Apropos Demokratie: „Wenn wir verlieren, werden wir das Votum der Bürger akzeptieren“, erklärt Christoph Sluka. Die Schloßplatz-Befürworter hingegen hätten schon vorab erklärt, daß sie auch im Falle einer Niederlage weiter für die Umbenennung in Schloßplatz kämpfen werden.

Ungeachtet dessen weist ein Parkplatzschild nach wie vor auf den „Hindenburgplatz-Süd“ hin. Und die Firma Siematic schreibt vor ihrem Eingang noch immer in großen Lettern „Siematic am Hindenburgplatz“. Vor einigen Jahren hatte es im Münsteraner Stadtrat schon einmal eine Abstimmung über eine Umbenennung des Platzes gegeben. Man war sich auch damals weitestgehend einig. Nämlich in der Beibehaltung des Namens Hindenburgplatz. Neben der CDU hatten seinerzeit auch SPD und Grüne für den Erhalt dieser Bezeichnung gestimmt.

Die Bürgerinitiative Pro Hindenburgplatz im Internet: www.hindenburgplatz-muenster.de/

Die Bürgerinitiative Schloßplatz im Internet: www.schlossplatz-ms.de/

 

Straßenumbenennungen

Der Ärger von Bürgern und Anwohnern über geplante oder bereits vollzogene Straßenumbenennungen beschränkt sich nicht auf Münster.

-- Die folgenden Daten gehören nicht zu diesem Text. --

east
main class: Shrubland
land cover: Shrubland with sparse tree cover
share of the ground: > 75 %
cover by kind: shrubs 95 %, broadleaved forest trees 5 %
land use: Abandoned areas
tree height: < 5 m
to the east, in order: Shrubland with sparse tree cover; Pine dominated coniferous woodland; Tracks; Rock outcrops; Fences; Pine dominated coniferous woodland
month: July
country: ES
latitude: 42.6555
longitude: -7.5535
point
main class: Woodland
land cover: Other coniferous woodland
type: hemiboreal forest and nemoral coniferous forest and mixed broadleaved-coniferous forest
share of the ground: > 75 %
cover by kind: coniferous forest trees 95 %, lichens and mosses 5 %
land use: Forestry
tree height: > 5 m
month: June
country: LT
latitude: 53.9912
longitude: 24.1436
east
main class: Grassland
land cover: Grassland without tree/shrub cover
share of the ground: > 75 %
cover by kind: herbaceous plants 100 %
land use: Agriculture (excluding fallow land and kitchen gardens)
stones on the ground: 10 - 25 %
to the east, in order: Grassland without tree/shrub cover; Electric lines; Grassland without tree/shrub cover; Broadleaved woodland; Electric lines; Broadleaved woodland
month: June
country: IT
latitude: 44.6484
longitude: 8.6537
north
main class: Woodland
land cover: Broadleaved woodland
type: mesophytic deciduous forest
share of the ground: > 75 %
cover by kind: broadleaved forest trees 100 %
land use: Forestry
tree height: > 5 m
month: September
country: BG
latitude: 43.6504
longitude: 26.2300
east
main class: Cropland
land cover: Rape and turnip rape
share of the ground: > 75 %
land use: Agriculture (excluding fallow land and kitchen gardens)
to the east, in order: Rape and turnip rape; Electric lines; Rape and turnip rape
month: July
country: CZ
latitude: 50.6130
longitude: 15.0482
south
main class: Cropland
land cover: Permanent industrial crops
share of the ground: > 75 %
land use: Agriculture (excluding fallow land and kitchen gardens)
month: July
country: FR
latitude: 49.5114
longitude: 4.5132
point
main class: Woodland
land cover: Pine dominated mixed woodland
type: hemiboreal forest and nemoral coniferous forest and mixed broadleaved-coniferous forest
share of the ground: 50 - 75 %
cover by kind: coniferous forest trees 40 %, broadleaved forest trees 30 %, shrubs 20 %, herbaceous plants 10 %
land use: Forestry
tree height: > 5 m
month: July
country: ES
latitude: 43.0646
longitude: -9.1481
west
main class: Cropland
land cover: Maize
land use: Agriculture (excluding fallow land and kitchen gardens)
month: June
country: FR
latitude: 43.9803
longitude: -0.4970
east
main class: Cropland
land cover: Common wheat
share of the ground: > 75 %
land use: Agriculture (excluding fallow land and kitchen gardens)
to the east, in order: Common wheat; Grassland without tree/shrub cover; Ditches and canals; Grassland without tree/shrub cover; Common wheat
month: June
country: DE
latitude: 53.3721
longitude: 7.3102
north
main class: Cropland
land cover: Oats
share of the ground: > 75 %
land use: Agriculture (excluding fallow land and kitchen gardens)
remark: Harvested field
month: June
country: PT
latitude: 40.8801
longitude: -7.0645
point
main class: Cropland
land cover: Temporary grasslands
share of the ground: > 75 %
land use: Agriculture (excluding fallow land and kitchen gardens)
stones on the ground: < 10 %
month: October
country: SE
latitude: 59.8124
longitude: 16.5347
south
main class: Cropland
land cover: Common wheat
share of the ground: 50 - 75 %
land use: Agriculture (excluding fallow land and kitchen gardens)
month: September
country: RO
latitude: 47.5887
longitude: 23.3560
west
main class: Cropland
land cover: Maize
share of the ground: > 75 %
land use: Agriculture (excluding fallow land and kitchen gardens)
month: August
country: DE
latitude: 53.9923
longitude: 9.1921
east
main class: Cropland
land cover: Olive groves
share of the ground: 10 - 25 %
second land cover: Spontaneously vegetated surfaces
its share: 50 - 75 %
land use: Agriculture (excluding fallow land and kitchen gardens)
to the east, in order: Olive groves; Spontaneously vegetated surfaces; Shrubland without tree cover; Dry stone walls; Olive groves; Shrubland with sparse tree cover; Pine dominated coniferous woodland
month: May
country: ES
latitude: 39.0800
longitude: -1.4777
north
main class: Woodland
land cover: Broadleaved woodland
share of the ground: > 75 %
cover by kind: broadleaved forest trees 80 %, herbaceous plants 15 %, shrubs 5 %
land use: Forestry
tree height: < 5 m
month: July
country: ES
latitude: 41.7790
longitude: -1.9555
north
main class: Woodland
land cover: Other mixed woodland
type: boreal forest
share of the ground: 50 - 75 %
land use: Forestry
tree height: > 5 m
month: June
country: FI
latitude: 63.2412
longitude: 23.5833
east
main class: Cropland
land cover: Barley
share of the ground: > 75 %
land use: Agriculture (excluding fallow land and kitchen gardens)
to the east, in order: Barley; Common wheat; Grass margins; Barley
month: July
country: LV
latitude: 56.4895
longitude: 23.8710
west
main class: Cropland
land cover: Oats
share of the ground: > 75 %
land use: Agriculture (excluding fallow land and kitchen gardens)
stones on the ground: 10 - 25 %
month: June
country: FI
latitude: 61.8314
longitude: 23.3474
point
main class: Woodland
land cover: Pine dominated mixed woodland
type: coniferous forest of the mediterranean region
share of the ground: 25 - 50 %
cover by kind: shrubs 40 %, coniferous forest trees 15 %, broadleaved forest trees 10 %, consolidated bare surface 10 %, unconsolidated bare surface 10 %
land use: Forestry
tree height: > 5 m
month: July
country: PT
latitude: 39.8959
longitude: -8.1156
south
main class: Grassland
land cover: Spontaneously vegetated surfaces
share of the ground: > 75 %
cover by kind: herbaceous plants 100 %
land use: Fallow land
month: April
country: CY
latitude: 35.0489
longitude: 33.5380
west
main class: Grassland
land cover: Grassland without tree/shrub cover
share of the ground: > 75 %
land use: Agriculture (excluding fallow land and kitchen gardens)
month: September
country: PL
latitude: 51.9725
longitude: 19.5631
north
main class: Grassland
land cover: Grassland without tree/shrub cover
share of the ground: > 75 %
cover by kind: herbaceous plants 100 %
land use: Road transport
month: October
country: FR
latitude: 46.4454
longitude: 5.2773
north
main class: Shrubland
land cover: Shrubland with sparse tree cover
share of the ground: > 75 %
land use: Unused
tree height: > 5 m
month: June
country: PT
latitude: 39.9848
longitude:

Auch in anderen Kommunen regt sich Widerstand, wenn Politiker über die Köpfe der Betroffenen entscheiden:

In essen hat eine Bürgerinitiative gegen die von der Bezirksvertretung beschlossene Umbenennung der Von-Seeckt-Straße sowie der Von-Einem-Straße erfolgreich einen Bürgerentscheid durchgesetzt. Mit 3.001 gültigen Unterschriften ist Anfang dieses Monats das nötige Quorum von 2.734 Unterschriften locker erreicht worden. Nun können die 46.000 Einwohner des betroffenen Stadtbezirks abstimmen. Sprechen sich 15 Prozent der Wahlberechtigten gegen die Umbenennung aus, wäre der Beschluß der Bezirksvertretung hinfällig und die Straßen hießen weiter nach den beiden preußischen Generälen.

Im März vergangenen Jahres wurde in hannover die Umbenennung der Lettow-Vorbeck-Allee in Namibia-Allee per Gerichtsbeschluß bestätigt. Beim deutschen Kolonialoffizier Paul von Lettow-Vorbeck handle es sich laut Verwaltungsgericht „um eine Person, die Ziele und Wertvorstellungen verkörpert, die im Widerspruch zu den Grundsätzen der Verfassung stehen“. Deswegen sei die vom Rat der Stadt beschlossene Umbenennung „verhältnismäßig“, die Unannehmlichkeiten für die Anwohner, die dagegen geklagt hatten, hinnehmbar.

In braunschweig sprach sich 2011 ein Ortsrat dagegen aus, die Dichterin Agnes Miegel aus dem Straßennamen zu tilgen, nachdem dies 90 Prozent der befragten Anwohner abgelehnt hatten.